When first introduced in "Chuck Versus the Dream Job," Stephen is shown as disheveled, paranoid, and eccentric. Chuck and Ellie both call him a little crazy, as he insists on having played a part in the development of touch-screen, plasma television, and other technologies, as well as for his accusations that Ted Roark stole all of his best ideas (however, later revelations suggest his claims were true). Chuck said he was "never really there" after their mother left them, leaving Chuck and Ellie largely to fend for themselves. He took a quick liking to Devon and advised him on how to handle the rough patch he was in with Ellie after the events of his bachelor party. Despite his quirks, Chuck told Stephen he missed his advice.

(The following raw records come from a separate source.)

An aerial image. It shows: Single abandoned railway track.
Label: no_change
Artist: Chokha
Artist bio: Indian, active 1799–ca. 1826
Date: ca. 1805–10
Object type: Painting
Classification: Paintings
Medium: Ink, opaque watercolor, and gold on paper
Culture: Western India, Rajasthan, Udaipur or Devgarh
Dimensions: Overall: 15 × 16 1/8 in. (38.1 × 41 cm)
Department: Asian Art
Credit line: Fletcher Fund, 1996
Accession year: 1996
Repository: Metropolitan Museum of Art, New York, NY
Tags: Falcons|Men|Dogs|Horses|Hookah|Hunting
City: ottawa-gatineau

Stephen was brilliant and tech-savvy, and after revealing his true identity to Chuck also proved to be competent in hand-to-hand combat, easily taking control of the security doors and disabling Vincent when the Fulcrum operative attempted to capture them in Roark's campus. He considered the Intersect the greatest thing he ever created, after his two children, and suggested that Chuck may be an even better engineer than he was. Although Stephen abandoned them many years earlier, he loved his children dearly and only left to protect them from those who wanted his knowledge. He saved Chuck's life by agreeing to help Ted Roark complete the Fulcrum Intersect if he allowed Chuck to walk away. However, he double-crossed Roark and Fulcrum by programming it to remove the Intersect from Chuck, as he had originally intended.

In "Chuck Versus the Ring" he knocked out Roark as Roark tried to escape Casey's special forces team. Stephen remarked that he had been waiting twenty years to do that. Later the episode reveals that, like Chuck, he has the ability to retain an Intersect in his head, though his earlier Intersect is slower and seems to cause greater pain than Chuck's.

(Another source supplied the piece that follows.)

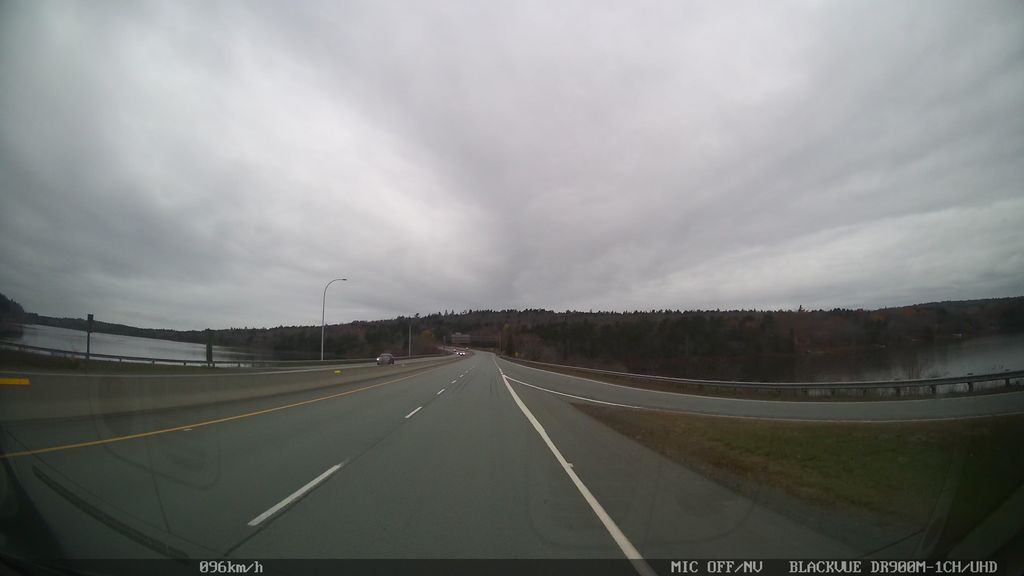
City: halifax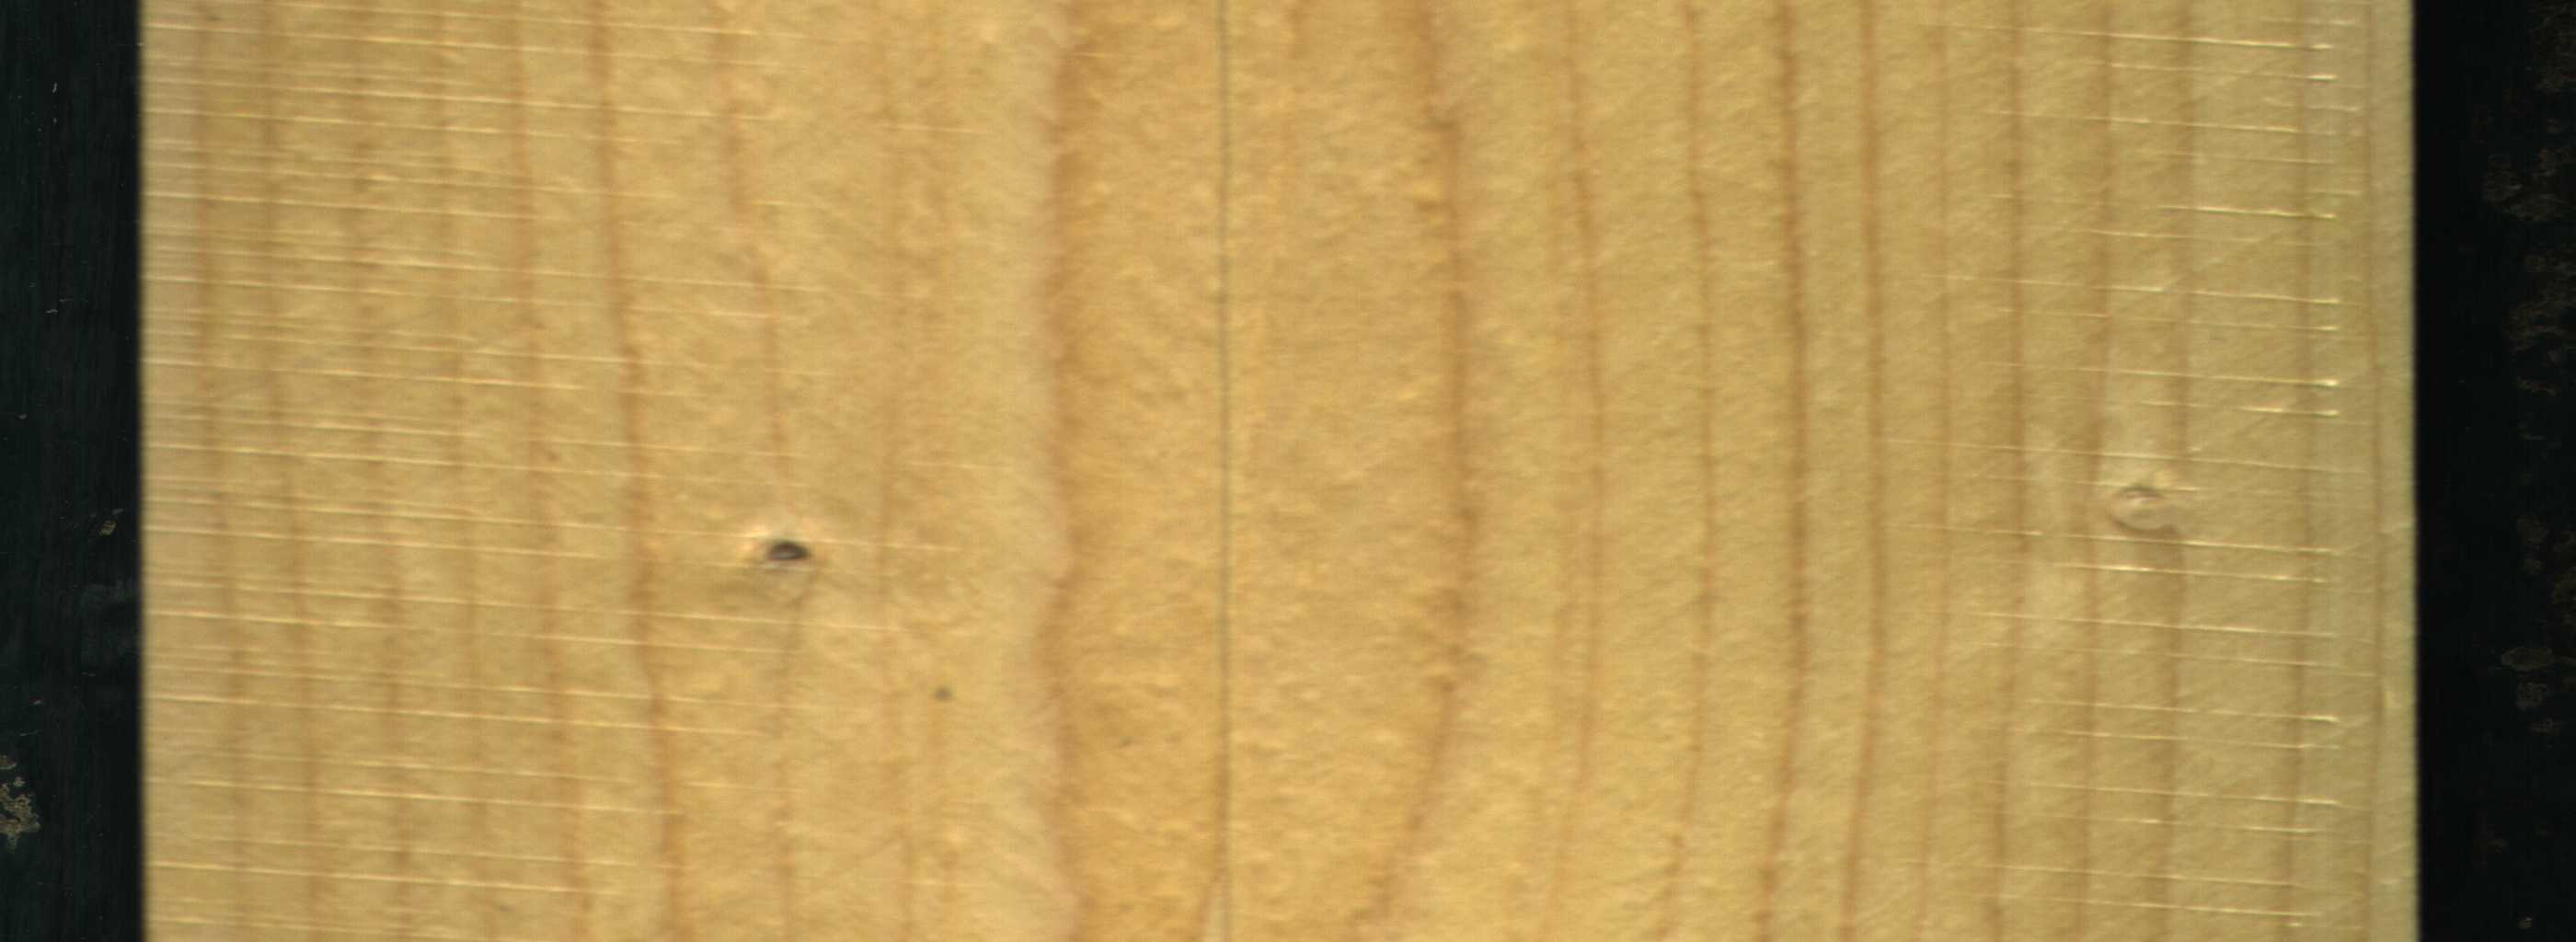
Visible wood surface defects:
Live_Knot

Stephen was incredibly paranoid. He moved often and refrained from contacting any family members, for his and their protection. The only way Ellie could contact him was by leaving an encoded message in the classified section of the newspaper. He was also obsessed with technology, particularly computers, giving electricity for his perimeter monitors and workshop priority over basic needs such as heat and water (though water and heat are available in the woods through means not involving public utilities).

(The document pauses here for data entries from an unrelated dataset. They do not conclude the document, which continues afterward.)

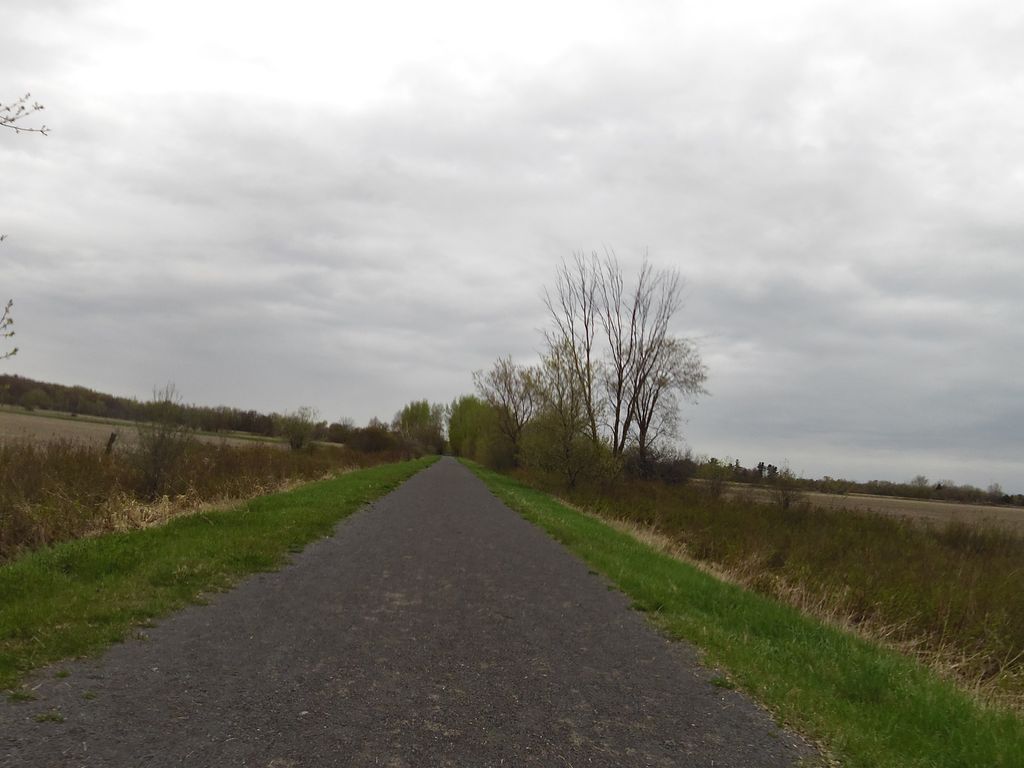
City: ottawa-gatineau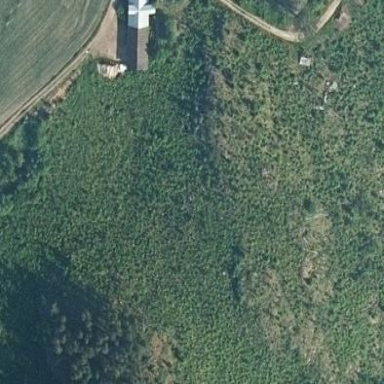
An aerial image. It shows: Scrub area designated for logging.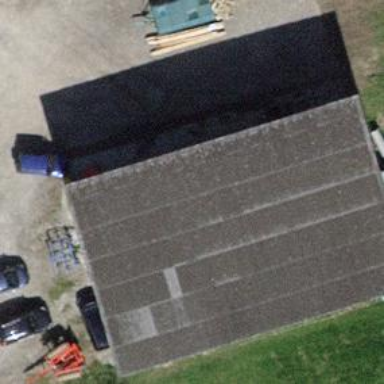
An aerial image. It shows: Farm auxiliary building with gabled roof.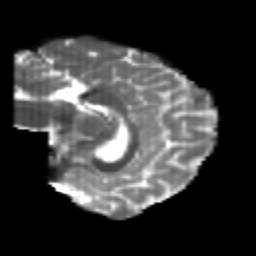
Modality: T2w
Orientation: sagittal
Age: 25
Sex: female
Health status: healthy
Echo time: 0.074 s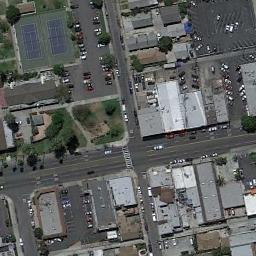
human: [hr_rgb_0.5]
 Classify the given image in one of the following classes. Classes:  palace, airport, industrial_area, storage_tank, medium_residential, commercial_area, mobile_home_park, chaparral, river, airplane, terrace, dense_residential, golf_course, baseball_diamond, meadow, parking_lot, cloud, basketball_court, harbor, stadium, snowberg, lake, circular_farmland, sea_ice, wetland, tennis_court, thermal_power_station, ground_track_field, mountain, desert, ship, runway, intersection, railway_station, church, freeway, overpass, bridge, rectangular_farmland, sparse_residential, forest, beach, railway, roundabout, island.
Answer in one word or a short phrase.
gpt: tennis_court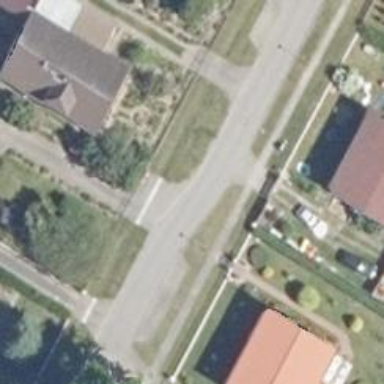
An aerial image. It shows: Residential road.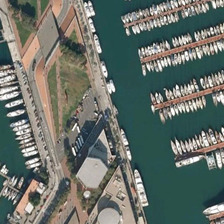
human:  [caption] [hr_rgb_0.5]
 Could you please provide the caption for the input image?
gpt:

==References to Popular Culture==

- Orion can be a reference to the Metallica instrumental of the same name.
- Scott Bakula referenced his previous role as Dr. Sam Beckett on Quantum Leap in the scene where Stephen is reunited with Ellie. Ellie, shocked by his reappearance and angry at his many years of absence, reminds him of the pancakes he promised to make for dinner just before he disappeared. Stephen only manages to respond with "Oh boy!" This was Sam Beckett's catch phrase, which he would utter whenever he "leaped" into a new body and discovered his new (and typically dangerous, embarrassing or compromising) situation.
- Like his previous role as Sam Beckett, Stephen Bartowski shares the initials of 'SB' with Scott Bakula.
- Bakula further referenced Quantum Leap while hosting the lead-in to Chuck during the airing of "Chuck Versus the Dream Job," on April 6, 2009, when he remarked about feeling like he'd been there before, but that being quite a leap. Quantum Leap aired on NBC during the "Monday 8/7c" timeslot, on which Chuck (Season 2) ran.
- In "Chuck Versus the Colonel" the Black Rock location where Stephen is being held prisoner turns out to be a drive-in movie theater called Starbright. Starbright was the name of the project Sam Beckett worked on that preceded Project Quantum Leap.